A local property owner lets him forage on some undeveloped land verging on Lake Joe. We jumped in the car and followed Patrick five minutes down a hilly road, parking in the turnaround at a dead end. Soon we were scrambling over pink granite hillocks festooned with shaggy grey lichen. The vales between were carpeted with plush wet sphagnum moss. The oak canopy was open and airy, shedding lots of warm sun.
We passed many typical gilled mushrooms with bright red, pale lilac or bluish caps which Patrick identified as members of the genus Russula. Some are edible, he said, but not worth the trouble: "In survival mode, I would go with that." He also stopped to show us boletes—also typical mushrooms but with a spongy texture instead of gills under the caps. Most are edible, too, he said, but were still not the reason he'd brought us here.
Then we saw another type. "Angela calls them LBJs," he related: "little brown jobs."
Patrick has been mushroom foraging since around 2001, when he received a random phone call from a woman named Angela Houpt, offering him wild mushrooms for his catering business. He happily bought a basket and then asked her to go with him for a walk in the woods. She agreed, and for the next few years she would take him on mushroom hikes. Other times he would discover a patch of mushrooms and call her to come over.
"She taught me how to learn, and how truly there is no rule of thumb when it comes to mushrooms, and if you're not 100 percent certain, you don't risk it. You take time to go through the identification process." Patrick then explained how to take a spore print for this purpose. You cut the cap, leave it on a sheet of white paper for a while, and the spores will drip down to create a little "fingerprint" of the mushroom. Distinctive visuals such as dark, light, pink, brown, yellow or white can help narrow identification to a particular group.
"Try to find the closest that you possibly can before you ever put a piece in your mouth. Because some of them out there are deadly," cautions Patrick. Angela's so-called LBJs are often the psychoactive kind, he advised. "I don't advocate foraging mushrooms so we can get high. That's not my thing."
We had come to the right place and mild, rainy weather had provided ideal conditions but, as we continued through the woods, we were not finding what he wanted. This is part of the intrigue. Unlike wild herbs or blueberries, fungi spread in secret. For twelve years I have passed the place on the road where I found those oyster mushrooms, but the tree is gone and that particular feast will never reappear. Someday they'll appear somewhere else.
The largest living thing on Earth, and more than two thousand years old, is reported to be a colony of honey fungus covering 880 hectares in an Oregon forest. Small, fruiting bodies appear only on mature organisms when conditions are right, maybe hardly at all, after a hot, dry summer.

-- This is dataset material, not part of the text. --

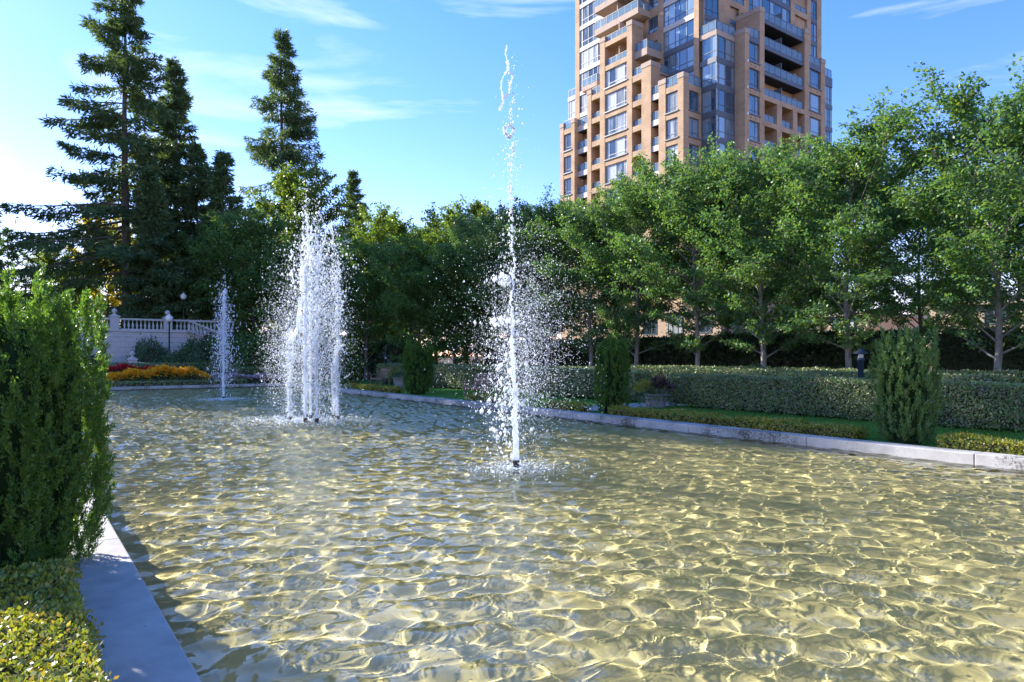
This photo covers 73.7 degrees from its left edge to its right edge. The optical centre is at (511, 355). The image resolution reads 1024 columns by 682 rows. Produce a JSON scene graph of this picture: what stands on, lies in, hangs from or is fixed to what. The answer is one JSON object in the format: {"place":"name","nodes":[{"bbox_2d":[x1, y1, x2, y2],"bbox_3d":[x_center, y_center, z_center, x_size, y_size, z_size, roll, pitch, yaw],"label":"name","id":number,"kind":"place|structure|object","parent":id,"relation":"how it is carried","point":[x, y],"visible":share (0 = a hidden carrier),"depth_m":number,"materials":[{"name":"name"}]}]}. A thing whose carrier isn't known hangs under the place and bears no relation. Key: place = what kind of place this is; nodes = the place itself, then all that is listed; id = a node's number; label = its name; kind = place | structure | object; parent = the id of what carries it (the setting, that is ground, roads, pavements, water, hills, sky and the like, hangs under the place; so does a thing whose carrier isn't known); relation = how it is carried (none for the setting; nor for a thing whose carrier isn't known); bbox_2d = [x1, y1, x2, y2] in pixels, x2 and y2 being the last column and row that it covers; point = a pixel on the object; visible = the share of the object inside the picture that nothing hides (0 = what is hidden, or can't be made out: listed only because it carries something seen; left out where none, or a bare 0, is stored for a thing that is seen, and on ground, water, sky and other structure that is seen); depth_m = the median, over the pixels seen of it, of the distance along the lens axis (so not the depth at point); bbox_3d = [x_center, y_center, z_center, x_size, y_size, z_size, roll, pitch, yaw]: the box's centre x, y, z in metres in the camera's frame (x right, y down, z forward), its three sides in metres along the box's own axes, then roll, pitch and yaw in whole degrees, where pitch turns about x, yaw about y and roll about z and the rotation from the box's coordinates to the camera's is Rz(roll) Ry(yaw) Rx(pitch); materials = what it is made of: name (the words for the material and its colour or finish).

"The nice thing about foraging is, it's not a quick walk through the forest. You're looking for a little cup of glory," Patrick remarked. Approaching a large pond, we trudged downward into deeper shade and a brigade of late mosquitoes. Patrick halted, overlooking a dim hollow.
"Oh, Shazam, here we go! Beautiful!"
He'd found the first clump of black trumpets, Craterellus fallax. George Barron's Mushrooms of Ontario and Eastern Canada, a reliable field guide that offers good notes on what's edible and what should be avoided, calls these "horns of plenty."
They're thin-fleshed, dark brownish-grey, paler underneath, and flared like a trumpet—"a little village growing out of the moss," Patrick enthused. We squatted to gather some. He used two hands to pinch off each mushroom and to avoid pulling anything up out of the ground.
"You're not hurting the organism underneath," he explained. "We just pick the fruiting bodies. If there are old ones you leave those, and if there are super young ones I leave those so they continue to grow."
He planned to use some for Simply Sexy Food, his catering business. Danny and I collected a few, too. I asked Patrick how best to use them. "They might go into a marinated mushroom salad, which I love to do with a little bit of maple and blueberries," he responded. "Or with a great demi-glace sauce or red wine mushroom reduction. Maybe a little mushroom gorgonzola cream sauce. But then again, in a great mushroom omelette. And, of course, soup. But I've even in the past had some mushrooms so big I was able to stuff them with quinoa and cheese, and then a light, light roast in the oven to soften them up, just enough to warm up the inside a touch.
"We're limited only by our own creativity. I'm a huge advocate of cooking without recipes and encouraging playfulness. There are no mistakes, only unexpected results."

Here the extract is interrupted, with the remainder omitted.